# [TASK GOAL]
Leave every image out, and return the rest of the data word for word.

# [SUPPLIED ENTRIES]
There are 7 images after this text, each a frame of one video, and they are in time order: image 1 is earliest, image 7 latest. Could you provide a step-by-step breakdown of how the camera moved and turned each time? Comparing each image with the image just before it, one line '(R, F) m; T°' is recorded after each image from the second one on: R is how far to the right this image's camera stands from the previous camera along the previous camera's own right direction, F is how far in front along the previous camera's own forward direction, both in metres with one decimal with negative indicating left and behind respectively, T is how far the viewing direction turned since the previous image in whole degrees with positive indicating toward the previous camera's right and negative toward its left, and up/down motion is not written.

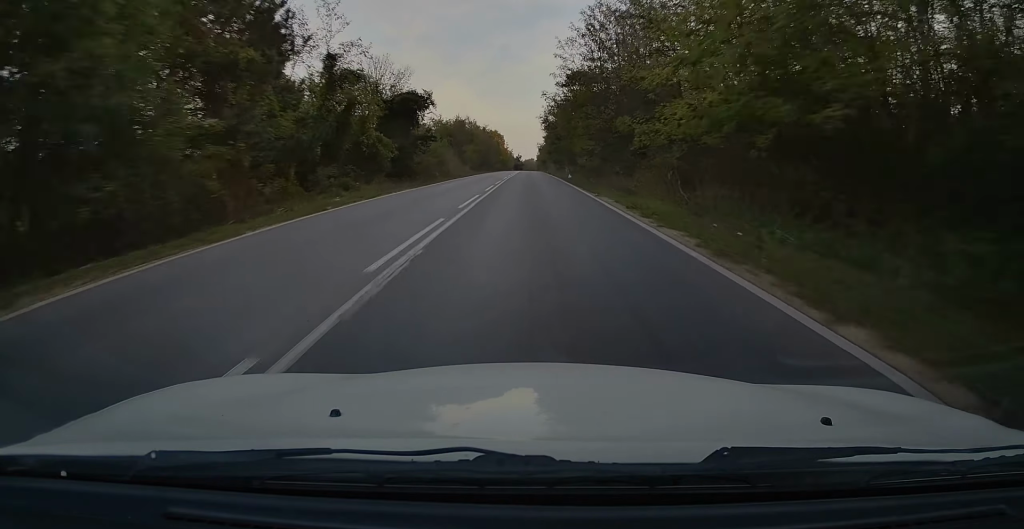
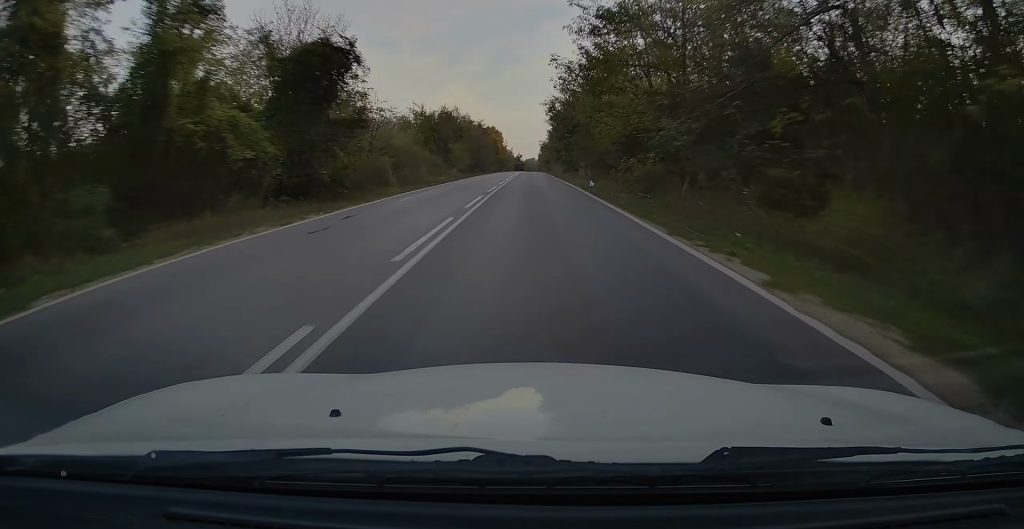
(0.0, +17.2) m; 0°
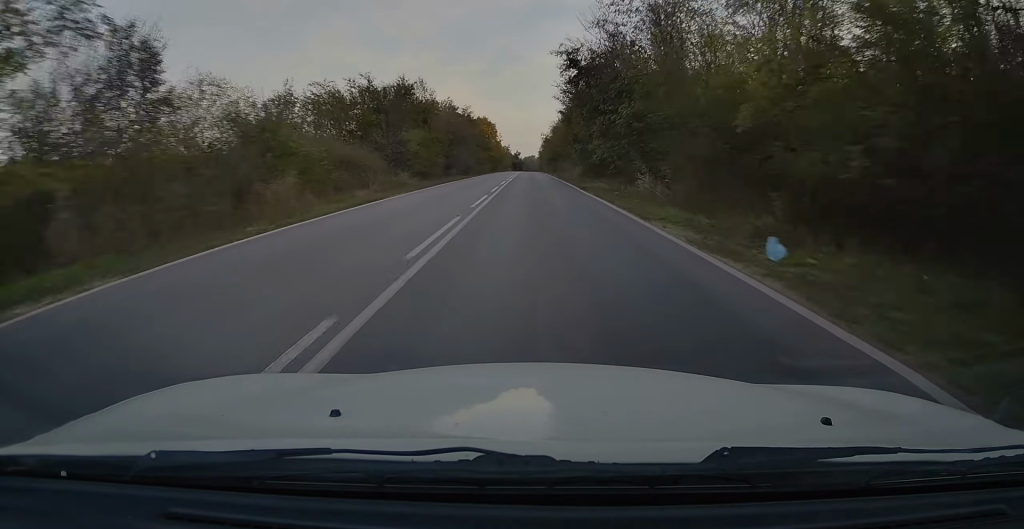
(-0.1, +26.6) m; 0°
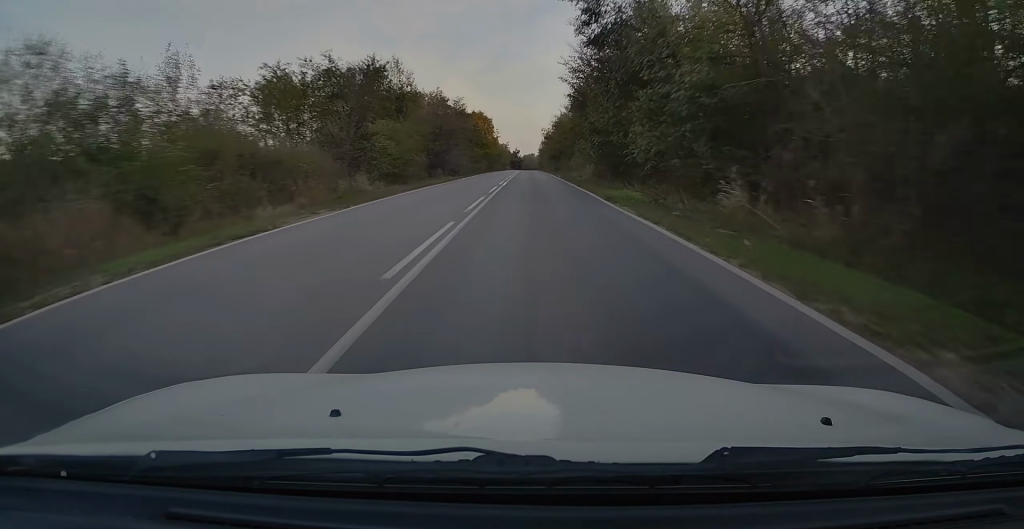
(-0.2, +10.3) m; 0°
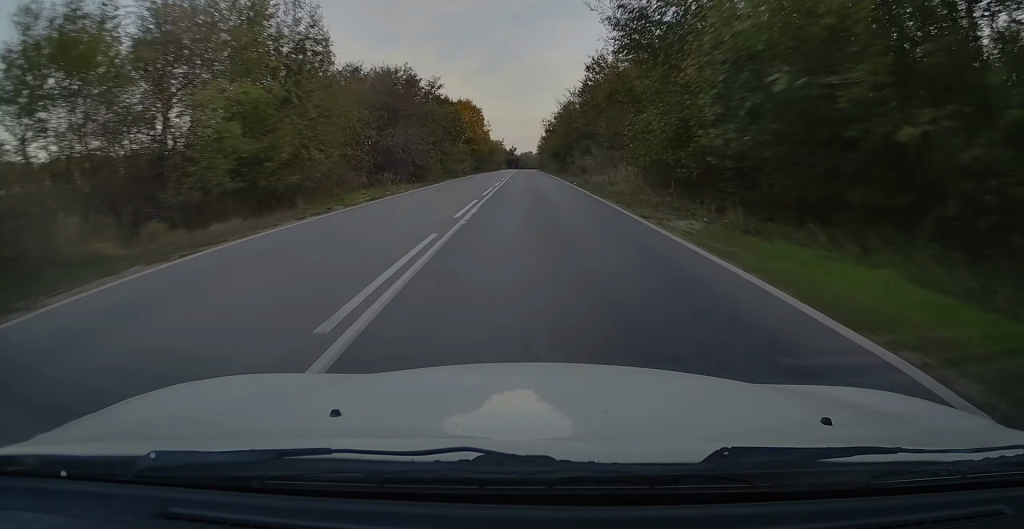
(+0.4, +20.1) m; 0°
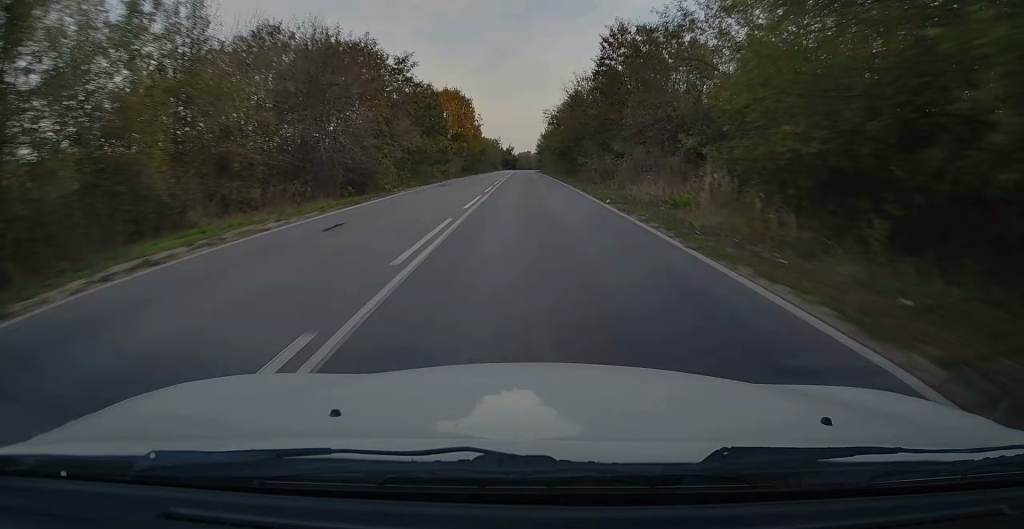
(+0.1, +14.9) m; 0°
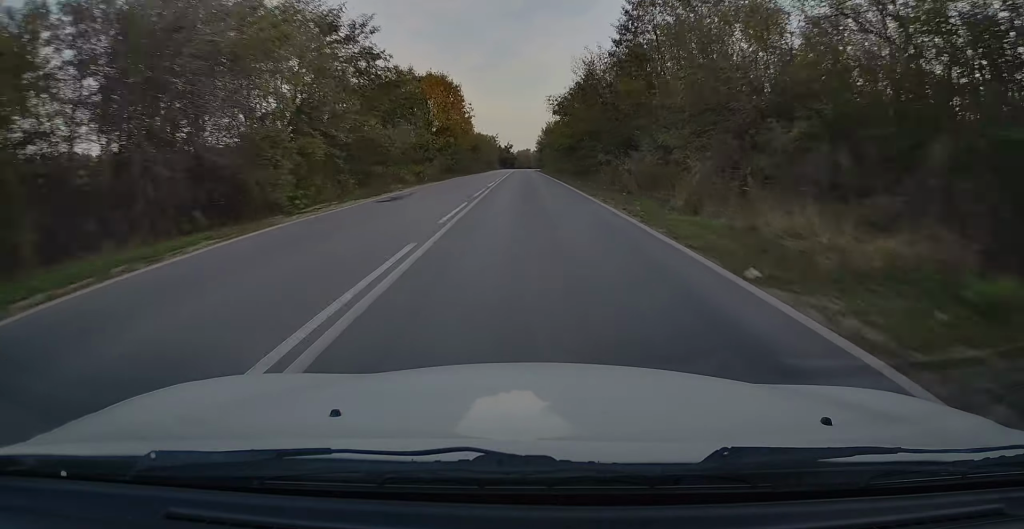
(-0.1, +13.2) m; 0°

# [RESPONSE TO THIS TASK]
There are 7 images after this text, each a frame of one video, and they are in time order: image 1 is earliest, image 7 latest. Could you provide a step-by-step breakdown of how the camera moved and turned each time? Comparing each image with the image just before it, one line '(R, F) m; T°' is recorded after each image from the second one on: R is how far to the right this image's camera stands from the previous camera along the previous camera's own right direction, F is how far in front along the previous camera's own forward direction, both in metres with one decimal with negative indicating left and behind respectively, T is how far the viewing direction turned since the previous image in whole degrees with positive indicating toward the previous camera's right and negative toward its left, and up/down motion is not written.

(0.0, +17.2) m; 0°
(-0.1, +26.6) m; 0°
(-0.2, +10.3) m; 0°
(+0.4, +20.1) m; 0°
(+0.1, +14.9) m; 0°
(-0.1, +13.2) m; 0°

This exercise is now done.